■ PROBLEM STATEMENT
The data is to be repeated exactly, with the images removed.

______

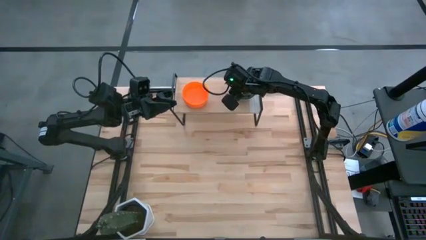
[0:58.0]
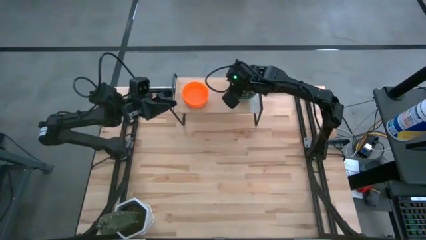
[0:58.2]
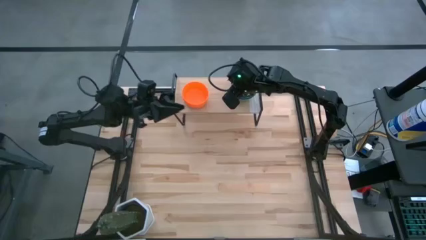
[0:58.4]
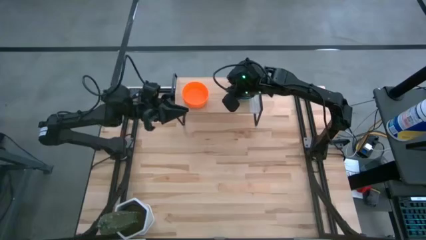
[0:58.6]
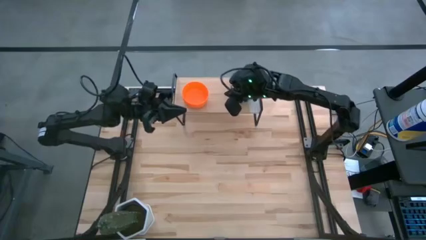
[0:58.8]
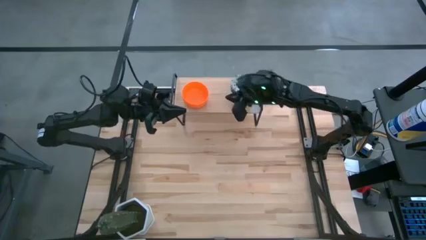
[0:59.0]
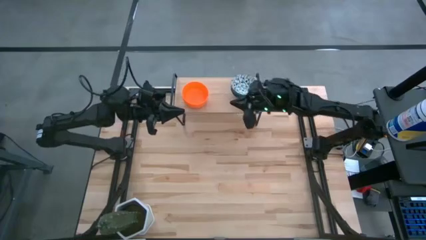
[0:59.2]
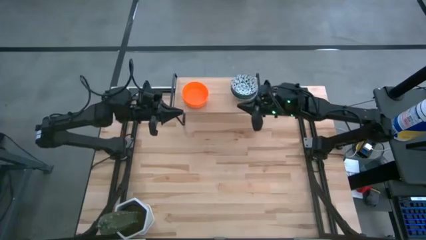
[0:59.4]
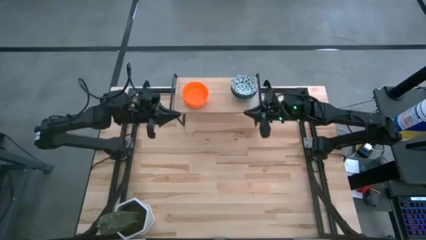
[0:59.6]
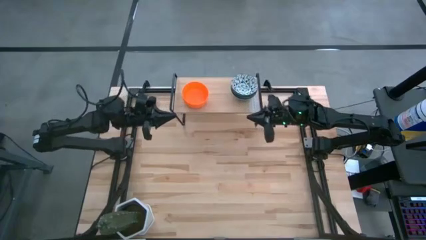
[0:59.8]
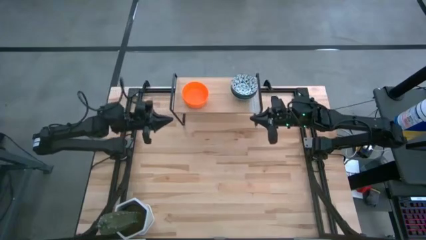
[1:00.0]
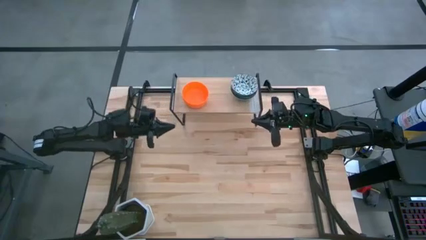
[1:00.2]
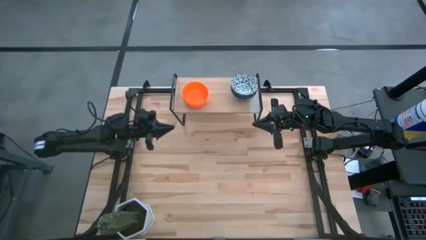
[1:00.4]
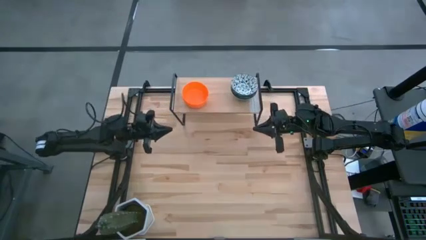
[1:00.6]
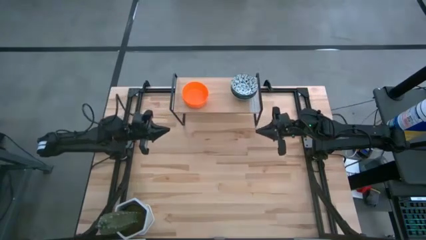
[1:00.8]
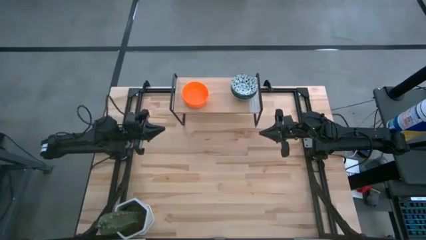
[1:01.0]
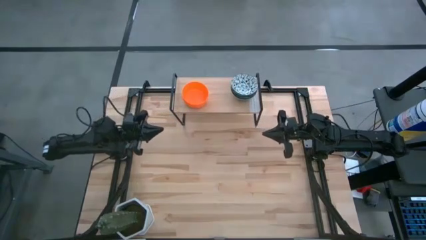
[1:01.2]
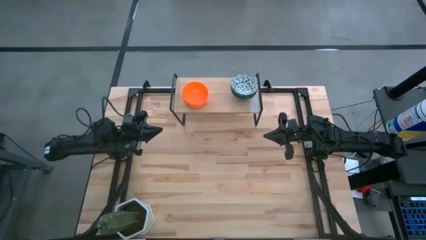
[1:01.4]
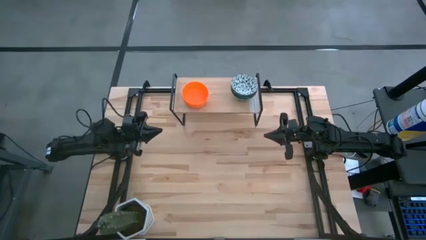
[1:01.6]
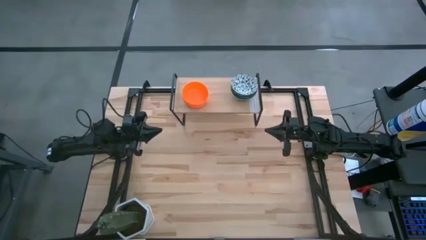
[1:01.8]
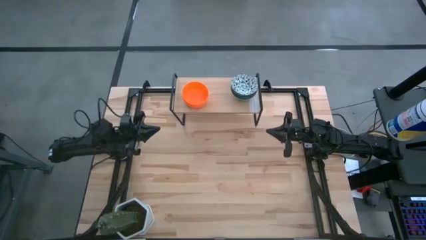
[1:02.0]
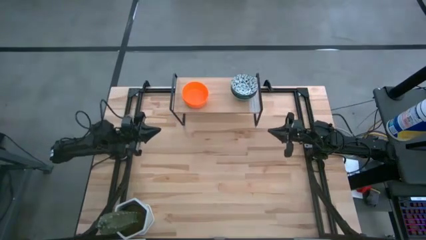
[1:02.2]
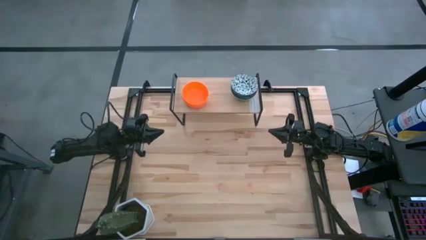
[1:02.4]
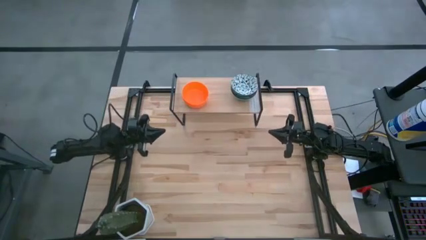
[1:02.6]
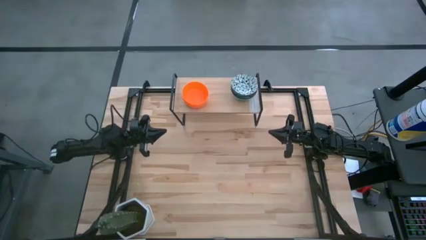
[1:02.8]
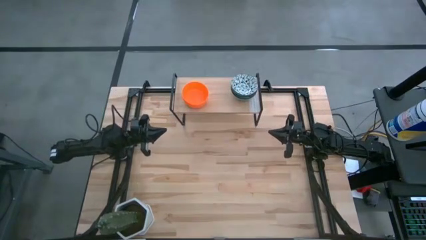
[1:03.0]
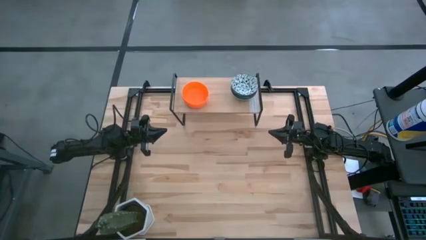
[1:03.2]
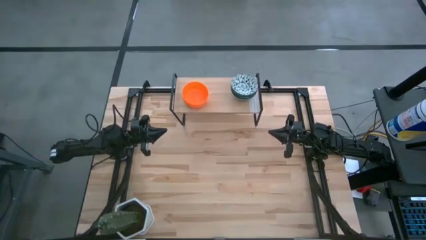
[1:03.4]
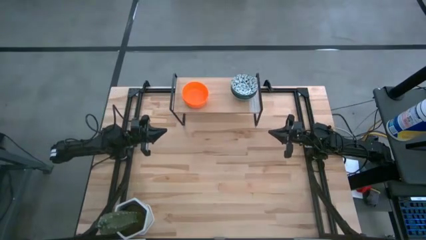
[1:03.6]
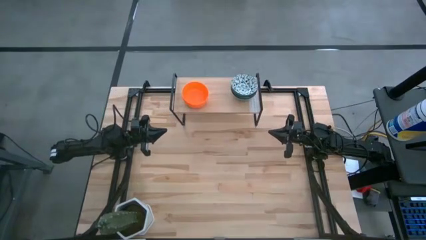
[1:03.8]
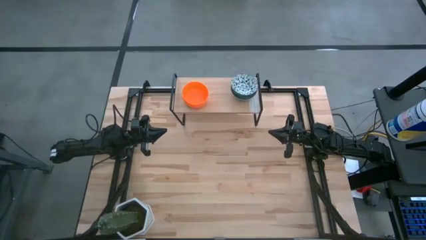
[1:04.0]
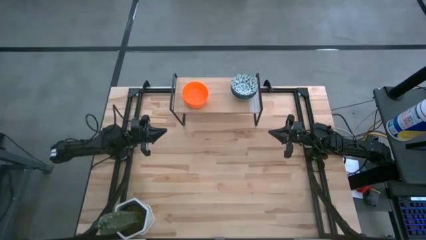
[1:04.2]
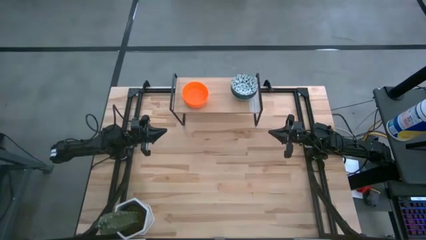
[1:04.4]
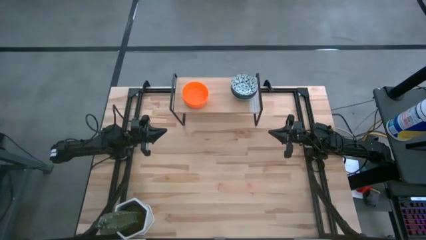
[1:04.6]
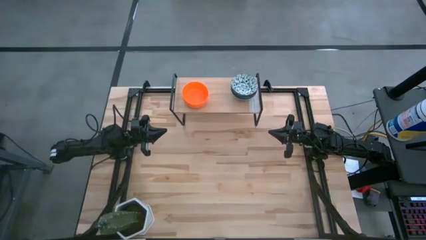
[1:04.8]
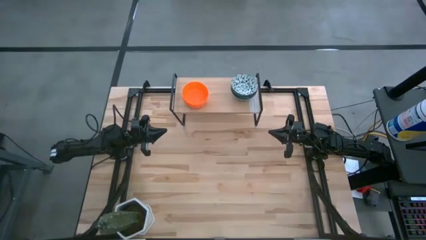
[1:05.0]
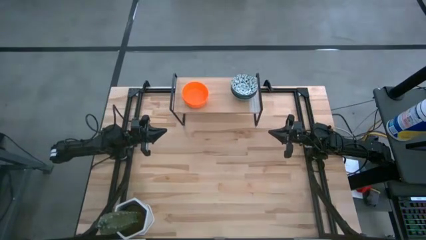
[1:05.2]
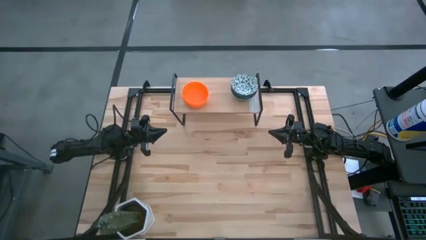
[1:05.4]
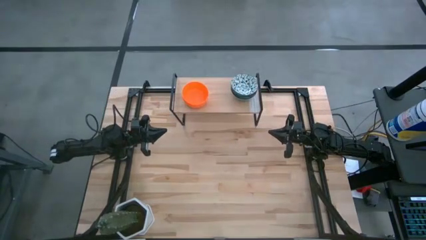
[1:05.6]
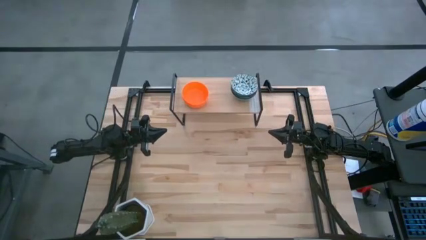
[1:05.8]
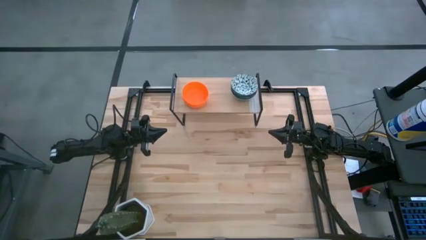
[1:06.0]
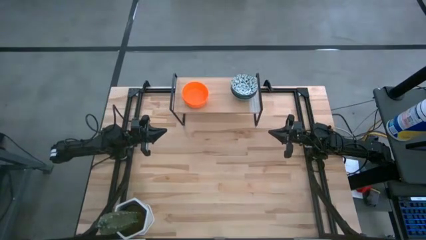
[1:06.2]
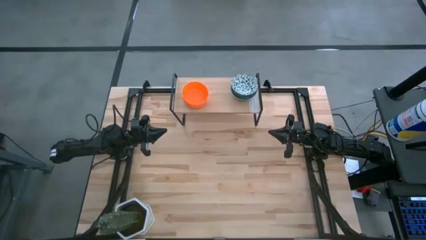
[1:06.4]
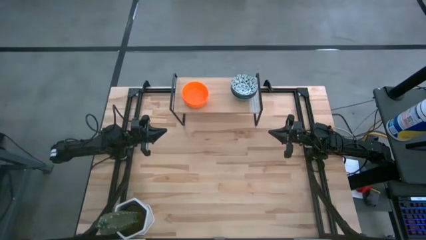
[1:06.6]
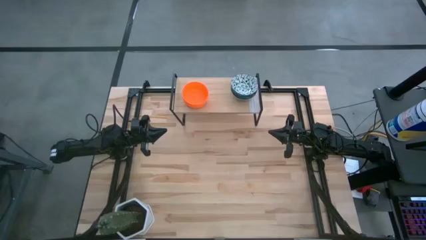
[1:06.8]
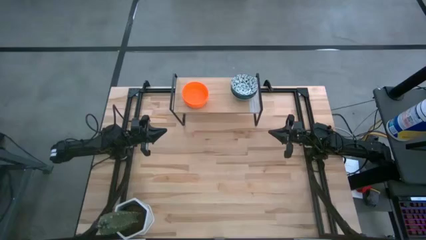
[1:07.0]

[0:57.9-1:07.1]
Task: Pick & Place Mini bowls
Return to Home Position

______

■ ANSWER
[0:58.0]
[0:58.2]
[0:58.4]
[0:58.6]
[0:58.8]
[0:59.0]
[0:59.2]
[0:59.4]
[0:59.6]
[0:59.8]
[1:00.0]
[1:00.2]
[1:00.4]
[1:00.6]
[1:00.8]
[1:01.0]
[1:01.2]
[1:01.4]
[1:01.6]
[1:01.8]
[1:02.0]
[1:02.2]
[1:02.4]
[1:02.6]
[1:02.8]
[1:03.0]
[1:03.2]
[1:03.4]
[1:03.6]
[1:03.8]
[1:04.0]
[1:04.2]
[1:04.4]
[1:04.6]
[1:04.8]
[1:05.0]
[1:05.2]
[1:05.4]
[1:05.6]
[1:05.8]
[1:06.0]
[1:06.2]
[1:06.4]
[1:06.6]
[1:06.8]
[1:07.0]

[0:57.9-1:07.1]
Task: Pick & Place Mini bowls
Return to Home Position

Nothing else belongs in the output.